Şiddetle mücadelede kurumsal yaklaşım:
Şiddet önleme ve izleme merkezlerinin (ŞÖNİM) kurulması ve uygulamaların takibi hedeflenmiştir.
Kanun kadına yönelik şiddete ilişkin iki ana tedbir kararı öngörmektedir: Koruyucu tedbir kararları ve önleyici tedbir kararları.
Koruyucu tedbirler arasında aşağıdakiler yer almaktadır
Polis, savcılık ve valilik tarafından alınabilecek koruyucu tedbirler
Şiddete uğrayan veya uğrama tehlikesi bulunan kadına;
- (ve beraberindeki çocuklara) uygun barınma yerinin (bkz. sığınak) sağlanması,
- geçici maddi yardım yapılması,
- psikolojik, mesleki, hukuki ve sosyal bakımdan rehberlik ve danışmanlık hizmeti verilmesi ve
- kreş imkânı sağlanması.
Hakim tarafından alınabilecek koruyucu tedbirler
Şiddete uğrayan veya uğrama tehlikesi bulunan kadının;
- iş yerinin değiştirilmesi,
- (evli olması halinde) müşterek yerleşim yerinden ayrı yerleşim yeri belirlenmesi,
- kadına şiddet uygulayan kişiyle evli olması halinde tapu kütüğüne aile konutu şerhi konulması,
- Tanık Koruma Kanunu22 Aralık 2018 tarihinde Wayback Machine sitesinde arşivlendi. hükümlerine göre kimlik ve ilgili diğer bilgi ve belgelerinin değiştirilmesi.
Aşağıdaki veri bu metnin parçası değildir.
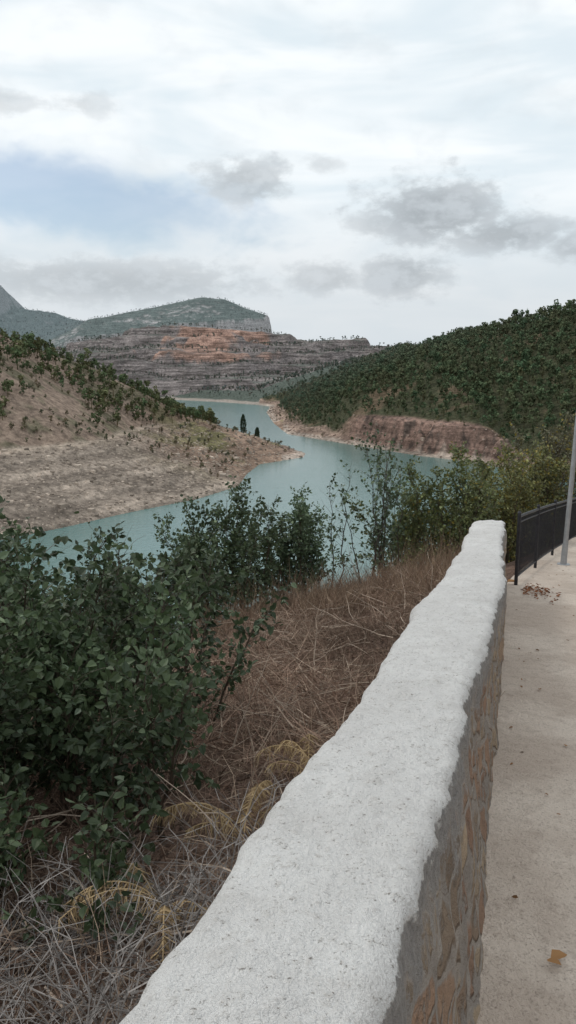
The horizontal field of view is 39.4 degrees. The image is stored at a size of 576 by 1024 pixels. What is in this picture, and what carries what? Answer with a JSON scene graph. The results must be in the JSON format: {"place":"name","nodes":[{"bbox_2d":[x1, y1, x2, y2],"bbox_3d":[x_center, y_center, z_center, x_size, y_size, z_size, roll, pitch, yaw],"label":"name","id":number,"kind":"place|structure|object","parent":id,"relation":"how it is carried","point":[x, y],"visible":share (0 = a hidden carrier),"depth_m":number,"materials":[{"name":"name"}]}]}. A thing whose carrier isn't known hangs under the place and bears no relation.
{"place":"outdoors","nodes":[
{"label":"outdoors","id":0,"kind":"place"},
{"bbox_2d":[0,285,575,1023],"bbox_3d":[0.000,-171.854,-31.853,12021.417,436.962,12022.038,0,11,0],"label":"ground","id":1,"kind":"structure","parent":0,"point":[180,335],"depth_m":282.18,"materials":[{"name":"soil"}]},
{"bbox_2d":[0,756,169,946],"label":"poplar shrub","id":2,"kind":"object","parent":1,"relation":"on","point":[95,825],"visible":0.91,"depth_m":3.48,"materials":[{"name":"green plant"}]},
{"bbox_2d":[23,557,175,687],"bbox_3d":[-2.729,1.666,10.883,2.127,2.383,2.546,9,14,40],"label":"leafy shrub","id":3,"kind":"object","parent":1,"relation":"on","point":[46,572],"visible":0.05,"depth_m":10.45,"materials":[{"name":"green plant"}]},
{"bbox_2d":[0,328,218,426],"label":"pine grove","id":4,"kind":"object","parent":1,"relation":"on","point":[24,345],"visible":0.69,"depth_m":289.53,"materials":[{"name":"green plant"}]},
{"bbox_2d":[0,586,223,841],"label":"poplar shrub","id":5,"kind":"object","parent":1,"relation":"on","point":[56,709],"visible":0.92,"depth_m":4.26,"materials":[{"name":"green plant"}]},
{"bbox_2d":[56,862,207,967],"bbox_3d":[-0.593,1.636,3.227,0.688,0.205,0.500,8,13,36],"label":"dry grass tuft","id":6,"kind":"object","parent":1,"relation":"on","point":[164,910],"visible":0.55,"depth_m":3.27,"materials":[{"name":"plant"}]},
{"bbox_2d":[0,419,281,533],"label":"bank stones","id":7,"kind":"object","parent":1,"relation":"on","point":[62,506],"visible":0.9,"depth_m":217.49,"materials":[{"name":"beige stone"}]},
{"bbox_2d":[0,335,282,476],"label":"bank shrubs","id":8,"kind":"object","parent":1,"relation":"on","point":[25,418],"visible":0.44,"depth_m":259.83,"materials":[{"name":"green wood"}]},
{"bbox_2d":[0,769,288,1023],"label":"dead twigs","id":9,"kind":"object","parent":1,"relation":"on","point":[102,990],"visible":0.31,"depth_m":2.98,"materials":[{"name":"grey plant"}]},
{"bbox_2d":[0,495,296,817],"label":"poplar shrub","id":10,"kind":"object","parent":1,"relation":"on","point":[16,592],"visible":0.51,"depth_m":5.08,"materials":[{"name":"green plant"}]},
{"bbox_2d":[1,297,415,396],"bbox_3d":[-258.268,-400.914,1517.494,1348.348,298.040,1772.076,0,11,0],"label":"distant woods","id":11,"kind":"object","parent":1,"relation":"on","point":[302,372],"visible":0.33,"depth_m":938.57,"materials":[{"name":"green plant"}]},
{"bbox_2d":[150,780,279,846],"bbox_3d":[-0.299,1.521,4.031,0.757,0.218,0.416,-4,11,-21],"label":"dry grass tuft","id":12,"kind":"object","parent":1,"relation":"on","point":[173,808],"visible":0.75,"depth_m":3.98,"materials":[{"name":"plant"}]},
{"bbox_2d":[152,475,295,623],"bbox_3d":[-1.057,0.822,12.642,2.367,2.987,2.232,0,11,0],"label":"leafy shrub","id":13,"kind":"object","parent":1,"relation":"on","point":[250,547],"visible":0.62,"depth_m":12.19,"materials":[{"name":"green plant"}]},
{"bbox_2d":[240,414,246,432],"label":"cypress tree","id":14,"kind":"object","parent":1,"relation":"on","point":[244,424],"visible":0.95,"depth_m":376.15,"materials":[{"name":"green plant"}]},
{"bbox_2d":[254,427,259,435],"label":"cypress tree","id":15,"kind":"object","parent":1,"relation":"on","point":[256,432],"visible":0.8,"depth_m":350.95,"materials":[{"name":"green plant"}]},
{"bbox_2d":[0,522,528,1023],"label":"dry brush","id":16,"kind":"object","parent":1,"relation":"on","point":[388,580],"visible":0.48,"depth_m":6.34,"materials":[{"name":"brown plant"}]},
{"bbox_2d":[254,733,320,780],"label":"dry grass tuft","id":17,"kind":"object","parent":1,"relation":"on","point":[300,750],"visible":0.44,"depth_m":4.66,"materials":[{"name":"beige plant"}]},
{"bbox_2d":[259,482,334,600],"bbox_3d":[0.149,0.643,13.159,1.332,2.371,1.346,0,11,0],"label":"leafy shrub","id":18,"kind":"object","parent":1,"relation":"on","point":[302,530],"visible":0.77,"depth_m":12.96,"materials":[{"name":"green plant"}]},
{"bbox_2d":[119,520,506,1023],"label":"parapet wall","id":19,"kind":"structure","parent":1,"relation":"on","point":[353,890],"depth_m":2.01,"materials":[{"name":"white concrete"}]},
{"bbox_2d":[321,422,418,585],"bbox_3d":[1.394,0.133,14.030,1.801,3.385,1.474,0,11,0],"label":"sapling shrub","id":20,"kind":"object","parent":1,"relation":"on","point":[381,525],"visible":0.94,"depth_m":13.79,"materials":[{"name":"green plant"}]},
{"bbox_2d":[270,397,523,452],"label":"shore shrubs","id":21,"kind":"object","parent":1,"relation":"on","point":[368,414],"visible":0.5,"depth_m":324.33,"materials":[{"name":"green plant"}]},
{"bbox_2d":[268,406,531,466],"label":"shore stones","id":22,"kind":"object","parent":1,"relation":"on","point":[338,430],"visible":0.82,"depth_m":358.56,"materials":[{"name":"brown stone"}]},
{"bbox_2d":[262,299,575,453],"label":"pine forest","id":23,"kind":"object","parent":1,"relation":"on","point":[340,381],"visible":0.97,"depth_m":380.71,"materials":[{"name":"green plant"}]},
{"bbox_2d":[348,441,503,573],"bbox_3d":[2.614,0.292,15.010,2.696,3.319,2.146,5,12,27],"label":"almond shrub","id":24,"kind":"object","parent":1,"relation":"on","point":[422,519],"visible":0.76,"depth_m":14.45,"materials":[{"name":"green plant"}]},
{"bbox_2d":[436,445,547,563],"bbox_3d":[4.151,0.432,16.967,2.560,3.630,2.190,0,11,0],"label":"almond shrub","id":25,"kind":"object","parent":1,"relation":"on","point":[513,490],"visible":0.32,"depth_m":16.52,"materials":[{"name":"green plant"}]},
{"bbox_2d":[469,439,575,562],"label":"hillside tree","id":26,"kind":"object","parent":1,"relation":"on","point":[550,478],"visible":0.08,"depth_m":21.41,"materials":[{"name":"green plant"}]},
{"bbox_2d":[500,409,575,534],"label":"hillside tree","id":27,"kind":"object","parent":1,"relation":"on","point":[556,449],"visible":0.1,"depth_m":24.64,"materials":[{"name":"green plant"}]},
{"bbox_2d":[0,400,575,641],"bbox_3d":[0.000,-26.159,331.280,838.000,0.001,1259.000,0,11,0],"label":"reservoir water","id":28,"kind":"structure","parent":0,"point":[318,465],"depth_m":212.24,"materials":[{"name":"teal liquid"}]},
{"bbox_2d":[0,0,575,345],"label":"sky","id":29,"kind":"structure","parent":0,"point":[389,172],"materials":[{"name":"white"}]},
{"bbox_2d":[476,537,575,1023],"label":"concrete path","id":30,"kind":"structure","parent":0,"point":[531,853],"depth_m":3.73,"materials":[{"name":"beige concrete"}]},
{"bbox_2d":[0,552,574,1023],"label":"fallen branches","id":31,"kind":"object","parent":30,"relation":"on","point":[154,924],"depth_m":5.48,"materials":[{"name":"brown plant"}]},
{"bbox_2d":[514,497,575,584],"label":"iron railing","id":32,"kind":"object","parent":30,"relation":"on","point":[537,542],"visible":0.93,"depth_m":12.59,"materials":[{"name":"black metal"}]},
{"bbox_2d":[557,417,575,565],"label":"street lamp","id":33,"kind":"object","parent":30,"relation":"on","point":[564,554],"visible":0.97,"depth_m":12.72,"materials":[{"name":"metal"}]}
]}

Önleyici tedbirler arasında aşağıdakiler yer almaktadır
Şiddet uygulayan kişinin;
- şiddet tehdidi, hakaret, aşağılama veya küçük düşürmeyi içeren söz ve davranışlarda bulunmaması,
- müşterek konuttan veya bulunduğu yerden derhâl uzaklaştırılması ve müşterek konutun korunan kişiye tahsis edilmesi,
- korunan kişilere, bu kişilerin bulundukları konuta, okula ve işyerine yaklaşmaması,
- hakkında çocuklarla ilgili daha önce verilmiş bir kişisel ilişki kurma kararı varsa, kişisel ilişkinin refakatçi eşliğinde yapılması, kişisel ilişkinin sınırlanması ya da tümüyle kaldırılması,
- korunan kişinin, şiddete uğramamış olsa bile yakınlarına, tanıklarına ve kişisel ilişki kurulmasına ilişkin hâller saklı kalmak üzere çocuklarına yaklaşmaması,
- korunan kişinin şahsi eşyalarına ve ev eşyalarına zarar vermemesi,
- korunan kişiyi iletişim araçlarıyla veya sair surette rahatsız etmemesi,
- bulundurulması veya taşınmasına kanunen izin verilen silahlarını kolluğa teslim etmesi,
- silah taşıması zorunlu olan bir kamu görevi ifa etse bile bu görevi nedeniyle zimmetinde bulunan silahı kurumuna teslim etmesi,
- korunan kişilerin bulundukları yerlerde alkol ya da uyuşturucu veya uyarıcı madde kullanmaması ya da bu maddelerin etkisinde iken korunan kişilere ve bunların bulundukları yerlere yaklaşmaması, bağımlılığının olması hâlinde, hastaneye yatmak dâhil, muayene ve tedavisinin sağlanması,
- bir sağlık kuruluşuna muayene veya tedavi için başvurması ve tedavisinin sağlanması,
- çocuklarıyla ilgili velayet, kayyım, nafaka ve kişisel ilişki kurulmasına dair karar verilmesi,
- korunan kişi ve çocukları için tedbir nafakasına hükmedilmesi.